天気と同じで、これから Linux カーネルに何がマージされるかはわかりませんが、すべての変更は、メリットと長期メンテナンス コストの両面から評価されます。ただし、以下の項目には注目してもよいでしょう。

Android カーネル パッチ。Android 関連の変更は、広範囲にわたる議論の的となっていますが、いまだにメインライン カーネルには入れられていません。しかし 2011 Kernel Summit で、このコードを入れるべきだろうということが決定されました。長い伝統が示しているように、積極的に配布/サポート/使用されているコードは、たとえ問題があっても、いつかはマージされるべきです。実際にそうなるまでは何とも言えませんが、このあたりの変更については、3.3 リリースくらいに何らかの動きがあると思われます。

Btrfs ファイルシステムは、積極的に利用されつつあります。Oracle では、企業向けディストリビューションで Btrfs をデフォルト ファイルシステムとして使用する意向があるとしています。LinuxCon Europe でも議論されたように、残っている問題は、機能的なファイルシステム修復ツールと、RAID5/6 サポートのマージです。

リアルタイム プリエンプション (Linux カーネルにおける確定的なレスポンスの提供) は、2004 年からツリー外で開発されています。現在、コアのリアルタイム処理だけをメインラインの外に残して、今後の開発サイクル内にその大量のコードをマージしようとしています。詳細については、10 月 22 日のリアルタイム ミニサミットのレポートをご覧ください。

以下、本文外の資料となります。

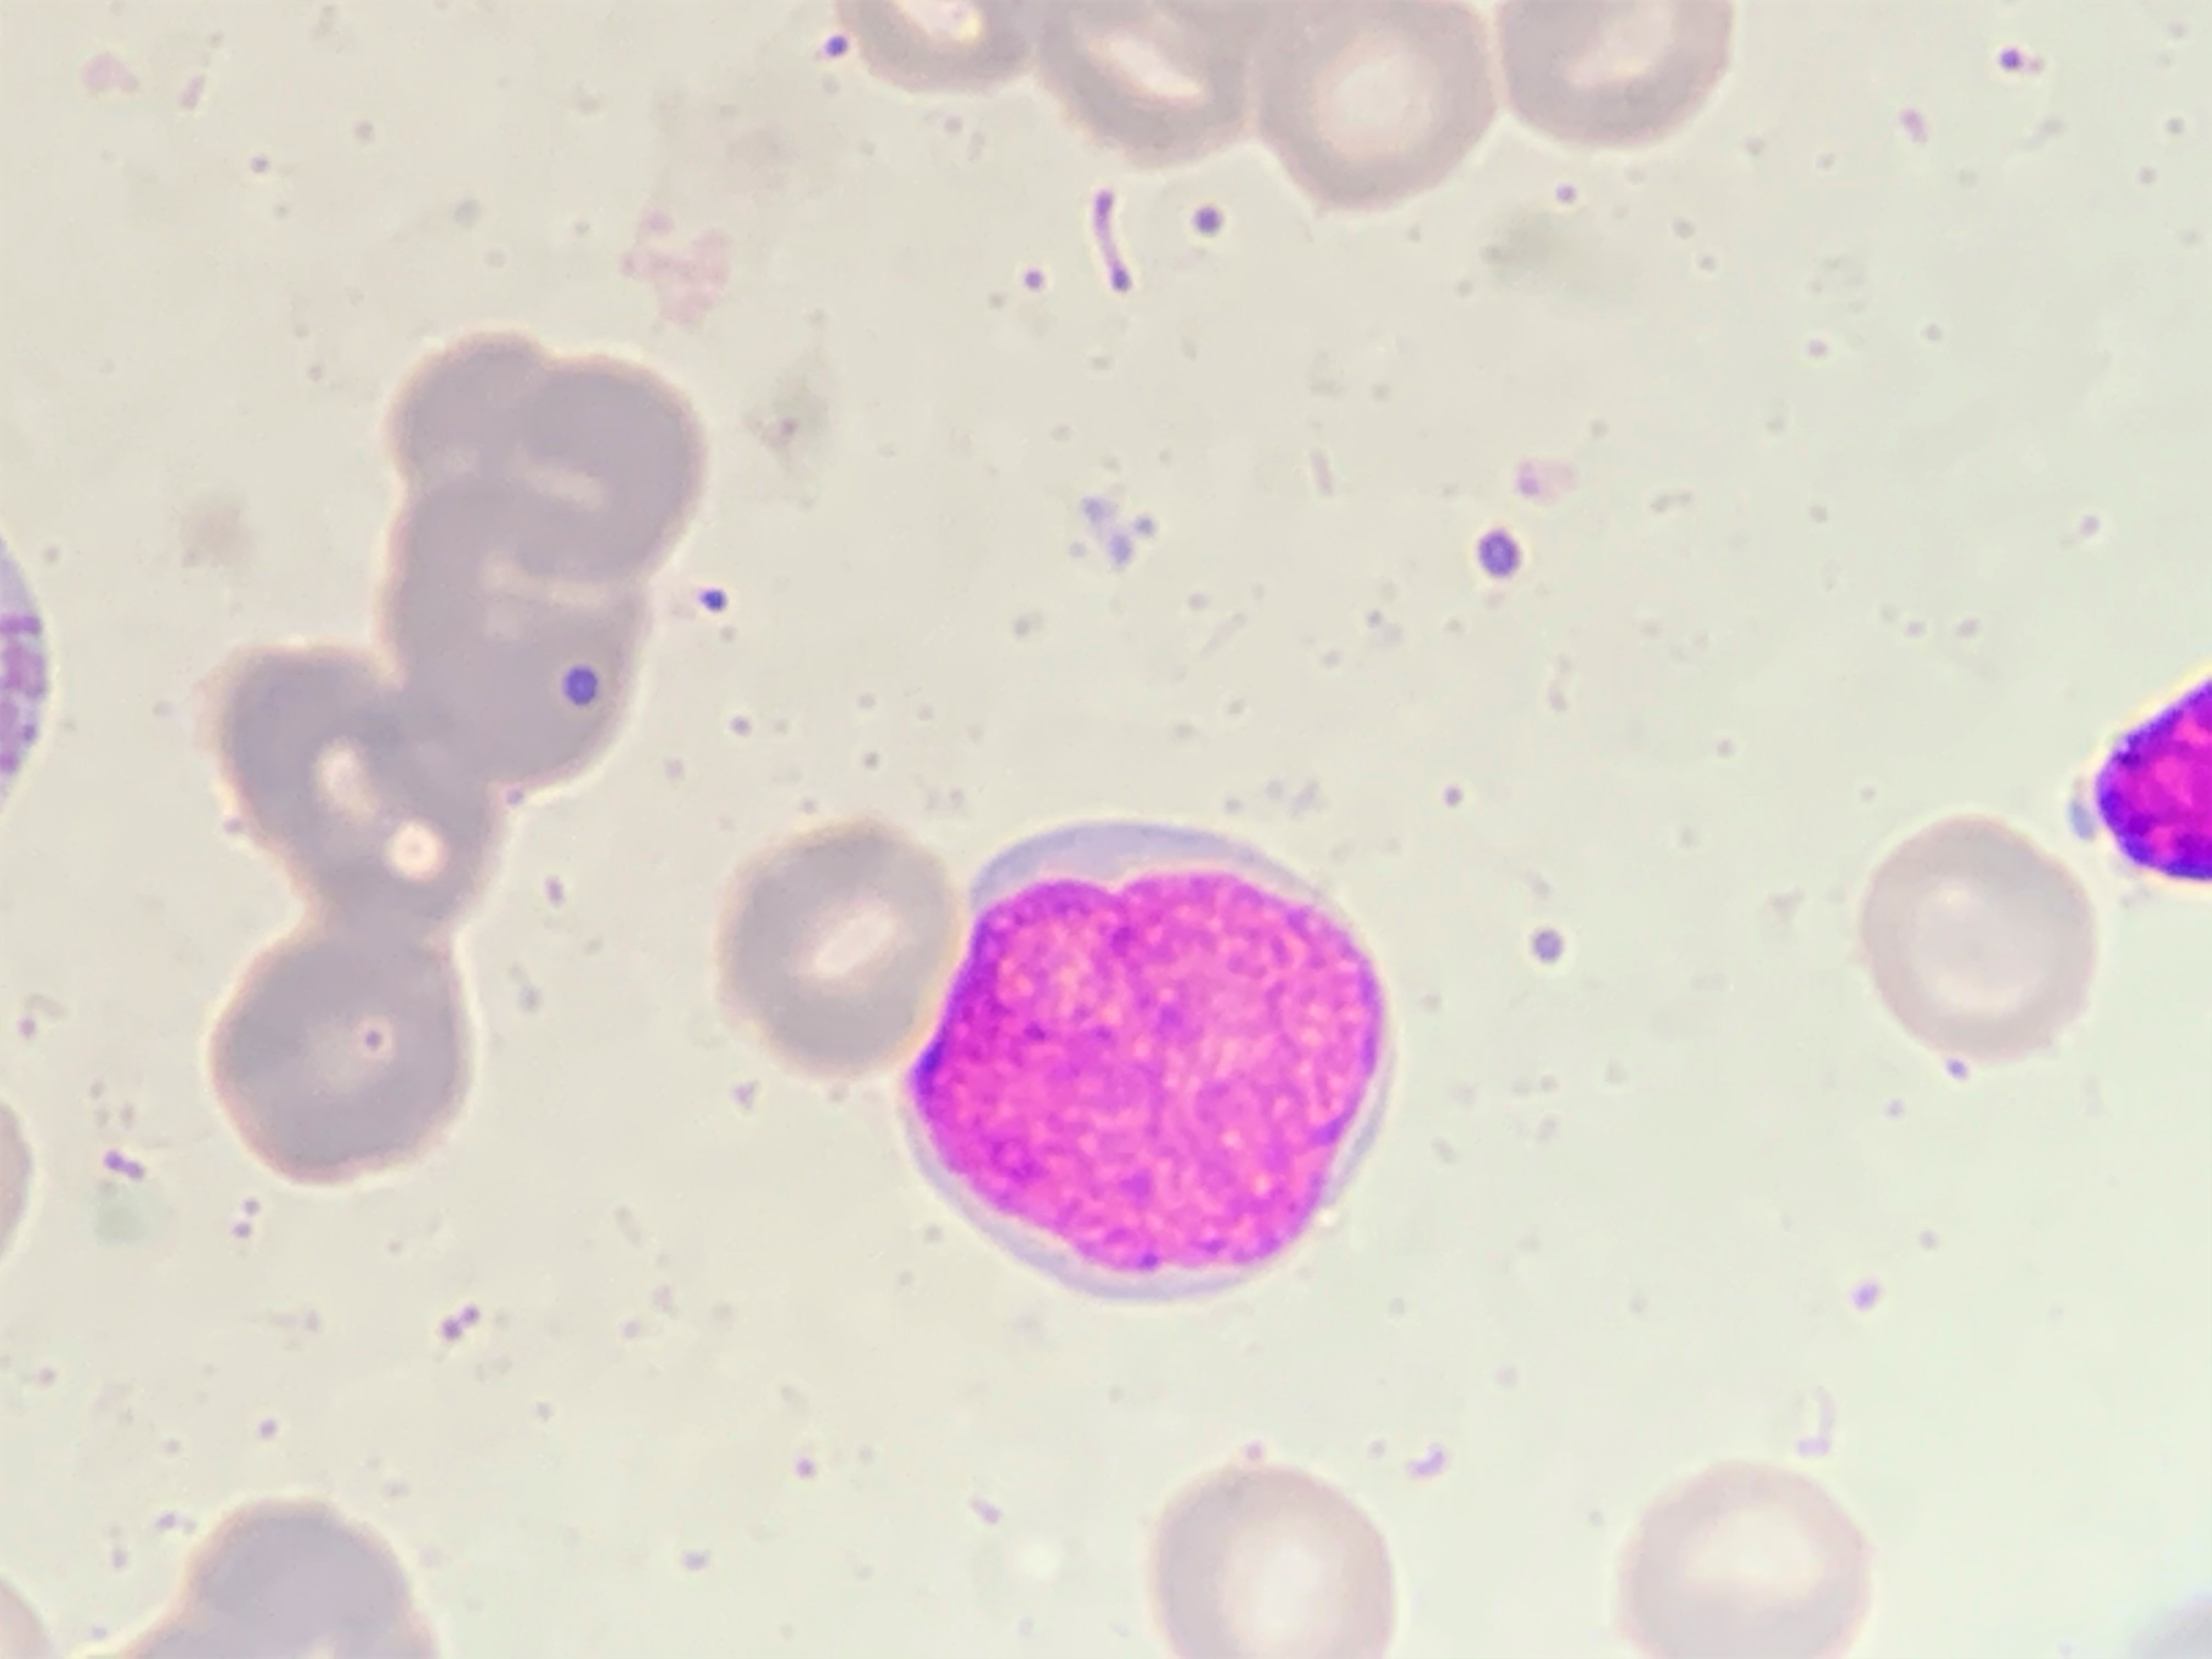
Cell type: BLAST CELLS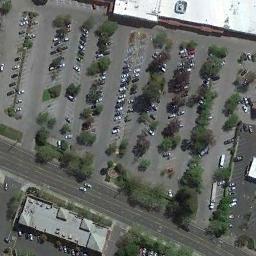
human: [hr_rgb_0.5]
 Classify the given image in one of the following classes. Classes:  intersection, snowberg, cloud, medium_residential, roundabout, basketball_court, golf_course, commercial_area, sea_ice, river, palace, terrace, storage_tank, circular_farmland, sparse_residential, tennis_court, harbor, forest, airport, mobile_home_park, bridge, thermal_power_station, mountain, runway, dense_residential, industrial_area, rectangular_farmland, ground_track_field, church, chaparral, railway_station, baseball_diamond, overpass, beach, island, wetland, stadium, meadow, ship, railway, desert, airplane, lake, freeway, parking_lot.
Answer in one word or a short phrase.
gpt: parking_lot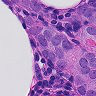
Metastatic tissue present: yes

x32 は、64 ビット アーキテクチャ向けの新しいバイナリ インタフェース標準で、64 ビットのアドレス空間を必要としないアプリケーションにより良いパフォーマンスを提供しようとするものです。実際、ほとんどのアプリケーションは 64 ビットのアドレス空間を必要としていないため、大きなメリットがあるでしょう。取り組むべき問題はまだいくつかありますが、大部分は完了しているので、2012 年中には x32 サポートをマージできるはずです。その他の詳細情報は、こちらの記事をご覧ください。

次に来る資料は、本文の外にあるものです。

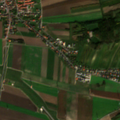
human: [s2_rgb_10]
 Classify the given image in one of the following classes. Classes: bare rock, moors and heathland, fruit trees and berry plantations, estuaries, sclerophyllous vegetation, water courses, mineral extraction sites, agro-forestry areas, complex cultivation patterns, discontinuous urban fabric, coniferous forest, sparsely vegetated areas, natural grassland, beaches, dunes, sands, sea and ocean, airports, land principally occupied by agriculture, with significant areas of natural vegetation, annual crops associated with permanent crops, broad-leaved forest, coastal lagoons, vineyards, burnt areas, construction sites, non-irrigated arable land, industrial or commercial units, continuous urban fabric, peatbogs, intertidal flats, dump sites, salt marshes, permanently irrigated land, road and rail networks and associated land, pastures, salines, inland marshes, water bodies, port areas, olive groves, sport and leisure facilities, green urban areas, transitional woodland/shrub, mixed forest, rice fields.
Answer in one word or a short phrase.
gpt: discontinuous urban fabric, non-irrigated arable land, land principally occupied by agriculture, with significant areas of natural vegetation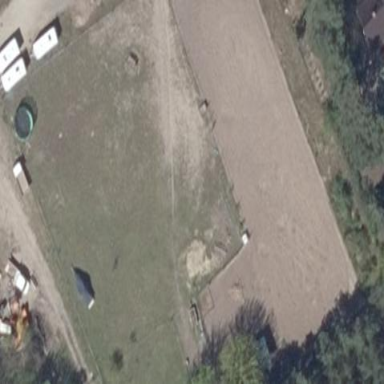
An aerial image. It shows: Equestrian sport pitch with sandy surface.
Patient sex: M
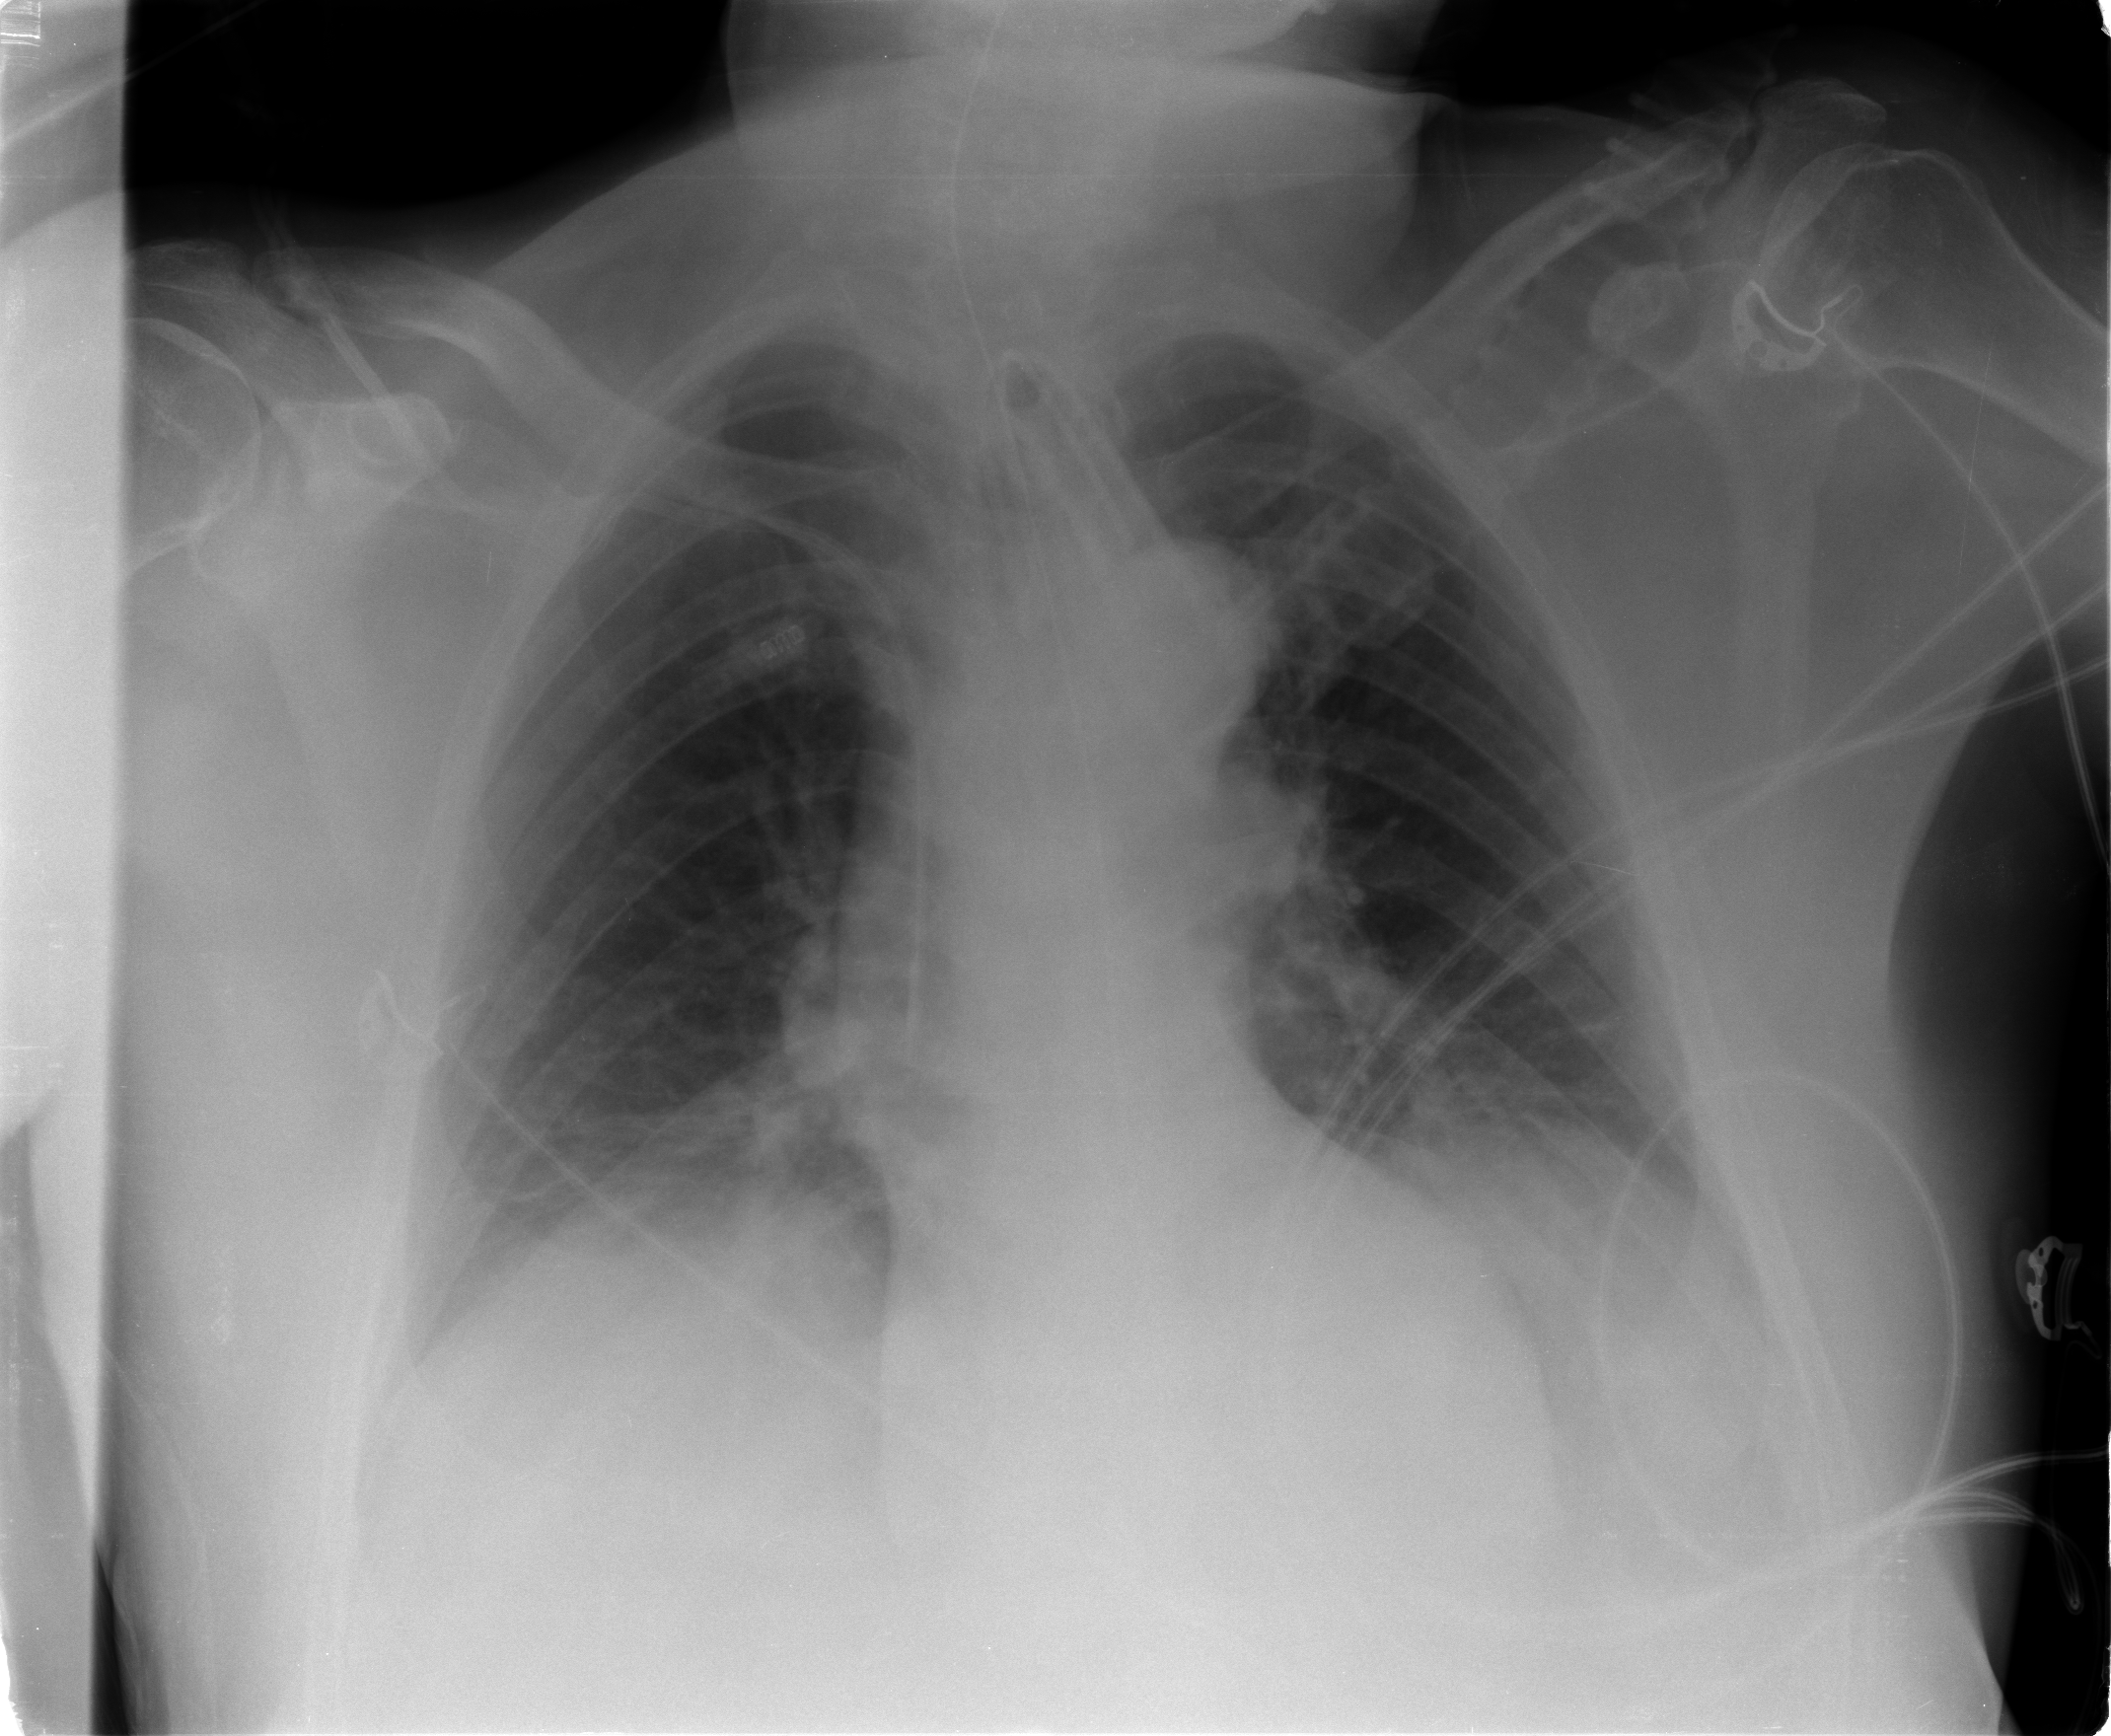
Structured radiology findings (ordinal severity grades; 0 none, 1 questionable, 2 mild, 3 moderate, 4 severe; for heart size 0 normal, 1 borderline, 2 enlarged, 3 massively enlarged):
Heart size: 0
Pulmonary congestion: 2
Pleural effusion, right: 0
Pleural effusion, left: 0
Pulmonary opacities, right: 0
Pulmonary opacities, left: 0
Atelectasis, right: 1
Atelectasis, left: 1

control group というのは、カーネルがプロセスを階層グループに分類できるようするためのメカニズムで、それらのグループにポリシーやリソースの使用制限を適用することができます。この機能は、カーネル コミュニティでは議論の的となっていましたが、利用が高まっており、これからも高まり続けることは明らかです。この分野では来年以降も、次の 2 つの方向で開発が継続するでしょう。(1) 新しいコントローラーを追加してポリシーをグループに適用する、(2) control group とそのコントローラーの実装を改善してカーネル開発者を安心させる。詳細については、2011 Kernel Summit の control groups の議論を参照してください。